##### Exercise data #####

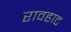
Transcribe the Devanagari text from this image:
रावहाट
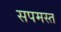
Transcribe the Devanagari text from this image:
सपमस्त
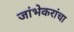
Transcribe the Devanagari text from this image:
जांभेकरांचा
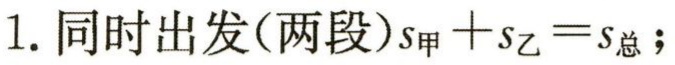
1. 同时出发(两段)$s_{甲}+s_{乙}=s_{总}$;
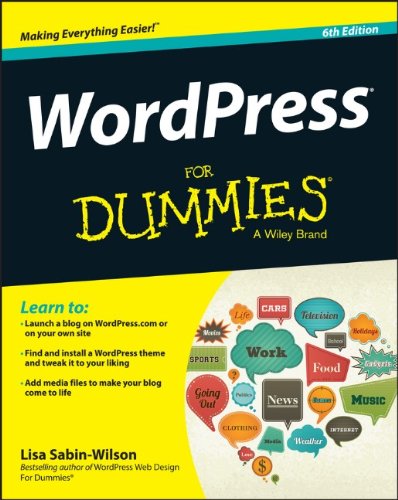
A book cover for WordPress For Dummies; Lisa Sabin-Wilson; Computers & Technology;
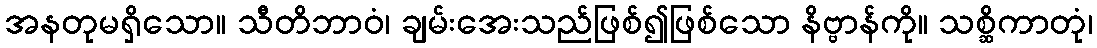
အနတုမရှိသော။ သီတိဘာဝံ၊ ချမ်းအေးသည်ဖြစ်၍ဖြစ်သော နိဗ္ဗာန်ကို။ သစ္ဆိကာတုံ၊
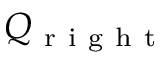
Q _ { \mathrm { ~ r ~ i ~ g ~ h ~ t ~ } }
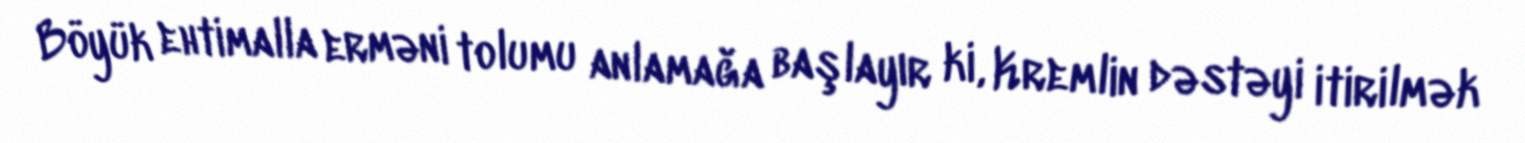
Böyük ehtimalla erməni tolumu anlamağa başlayır ki, Kremlin dəstəyi itirilmək
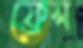
ফ্রেস
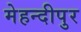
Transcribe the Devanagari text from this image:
मेहन्दीपुर
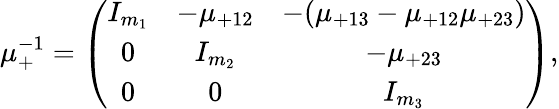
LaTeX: \mu_{+}^{-1}=\left(\begin{array}{ccc}{{I_{m_{1}}}}&{{-\mu_{+12}}}&{{-(\mu_{+13}-\mu_{+12}\mu_{+23})}}\\ {{0}}&{{I_{m_{2}}}}&{{-\mu_{+23}}}\\ {{0}}&{{0}}&{{I_{m_{3}}}}\end{array}\right),
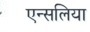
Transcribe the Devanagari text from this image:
एन्सलिया
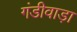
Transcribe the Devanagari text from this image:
गंडीवाड़ा
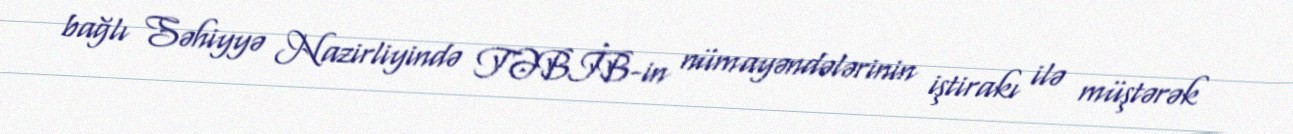
bağlı Səhiyyə Nazirliyində TƏBİB-in nümayəndələrinin iştirakı ilə müştərək
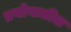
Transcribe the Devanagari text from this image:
प्रयोगातील
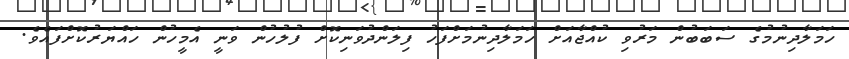
ހަމަލާދިނުމުގެ ސަބަބުން މަރުވި ކުއްޖާއަށް ހަމަލާދިނުމަށްފަހު ފިލަންދުވަނިކޮށް ފުލުހުން ވަނީ އެމީހުން ހައްޔަރުކޮށްފައެވެ.
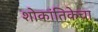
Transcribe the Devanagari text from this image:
शोकांतिकेचा
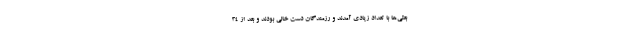
بعثی‌ها با تعداد زیادی آمدند و رزمندگان دست خالی بودند و بعد از ۳۴
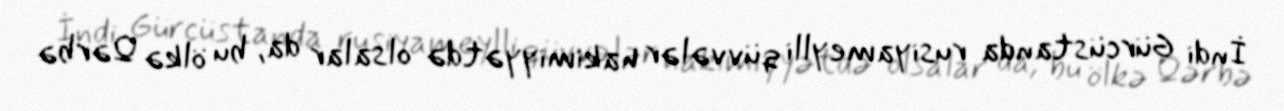
İndi Gürcüstanda rusiyameylli qüvvələr hakimiyyətdə olsalar da, bu ölkə Qərbə
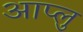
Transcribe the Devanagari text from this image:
आप्लु
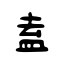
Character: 盍
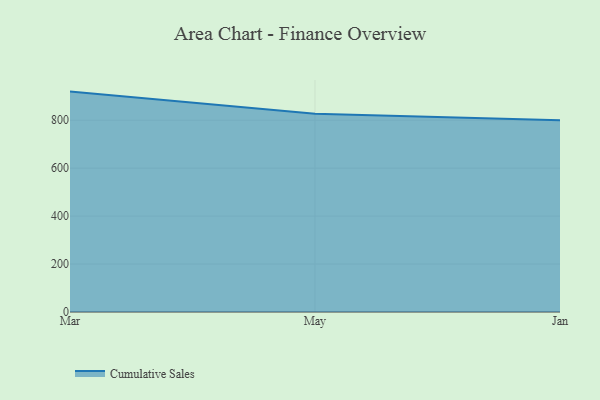
{"axis": {"x": "Month", "y": "Bounce Rate (%)"}, "legend": ["Cumulative Sales"], "data": [{"x": "Mar", "y": 919.5, "type": "Cumulative Sales"}, {"x": "May", "y": 826.9, "type": "Cumulative Sales"}, {"x": "Jan", "y": 800, "type": "Cumulative Sales"}]}
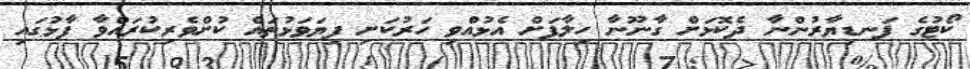
ކޯޓުގެ ފަނޑިޔާރުންނާ ދެކޮޅަށް ގާނޫނާ ހިލާފަށް އެޅުއްވި ހަރުކަށި ފިޔަވަޅުތައް ކުށްވެރިކުރައްވާ ފާޅުގައި
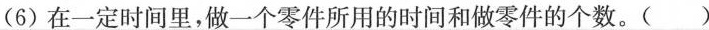
(6)在一定时间里，做一个零件所用的时间和做零件的个数。( )
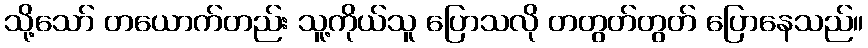
သို့သော် တယောက်တည်း သူ့ကိုယ်သူ ပြောသလို တတွတ်တွတ် ပြောနေသည်။
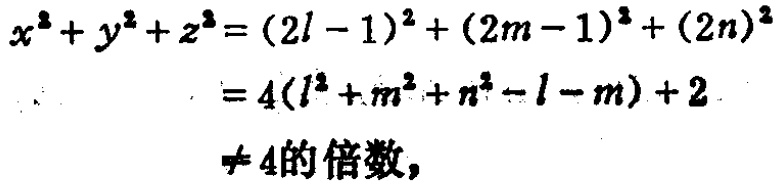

#####

Exercise: The pictures stay out of the copy. Set down the entries above precisely.

Answer section:
Transcribe the Devanagari text from this image:
रावहाट
Transcribe the Devanagari text from this image:
सपमस्त
Transcribe the Devanagari text from this image:
जांभेकरांचा
1. 同时出发(两段)$s_{甲}+s_{乙}=s_{总}$;
A book cover for WordPress For Dummies; Lisa Sabin-Wilson; Computers & Technology;
အနတုမရှိသော။ သီတိဘာဝံ၊ ချမ်းအေးသည်ဖြစ်၍ဖြစ်သော နိဗ္ဗာန်ကို။ သစ္ဆိကာတုံ၊
Q _ { \mathrm { ~ r ~ i ~ g ~ h ~ t ~ } }
Böyük ehtimalla erməni tolumu anlamağa başlayır ki, Kremlin dəstəyi itirilmək
ফ্রেস
Transcribe the Devanagari text from this image:
मेहन्दीपुर
LaTeX: \mu_{+}^{-1}=\left(\begin{array}{ccc}{{I_{m_{1}}}}&{{-\mu_{+12}}}&{{-(\mu_{+13}-\mu_{+12}\mu_{+23})}}\\ {{0}}&{{I_{m_{2}}}}&{{-\mu_{+23}}}\\ {{0}}&{{0}}&{{I_{m_{3}}}}\end{array}\right),
Transcribe the Devanagari text from this image:
एन्सलिया
Transcribe the Devanagari text from this image:
गंडीवाड़ा
bağlı Səhiyyə Nazirliyində TƏBİB-in nümayəndələrinin iştirakı ilə müştərək
Transcribe the Devanagari text from this image:
प्रयोगातील
ހަމަލާދިނުމުގެ ސަބަބުން މަރުވި ކުއްޖާއަށް ހަމަލާދިނުމަށްފަހު ފިލަންދުވަނިކޮށް ފުލުހުން ވަނީ އެމީހުން ހައްޔަރުކޮށްފައެވެ.
Transcribe the Devanagari text from this image:
शोकांतिकेचा
بعثی‌ها با تعداد زیادی آمدند و رزمندگان دست خالی بودند و بعد از ۳۴
İndi Gürcüstanda rusiyameylli qüvvələr hakimiyyətdə olsalar da, bu ölkə Qərbə
Transcribe the Devanagari text from this image:
आप्लु
Character: 盍
{"axis": {"x": "Month", "y": "Bounce Rate (%)"}, "legend": ["Cumulative Sales"], "data": [{"x": "Mar", "y": 919.5, "type": "Cumulative Sales"}, {"x": "May", "y": 826.9, "type": "Cumulative Sales"}, {"x": "Jan", "y": 800, "type": "Cumulative Sales"}]}
ކޯޓުގެ ފަނޑިޔާރުންނާ ދެކޮޅަށް ގާނޫނާ ހިލާފަށް އެޅުއްވި ހަރުކަށި ފިޔަވަޅުތައް ކުށްވެރިކުރައްވާ ފާޅުގައި
(6)在一定时间里，做一个零件所用的时间和做零件的个数。( )
သို့သော် တယောက်တည်း သူ့ကိုယ်သူ ပြောသလို တတွတ်တွတ် ပြောနေသည်။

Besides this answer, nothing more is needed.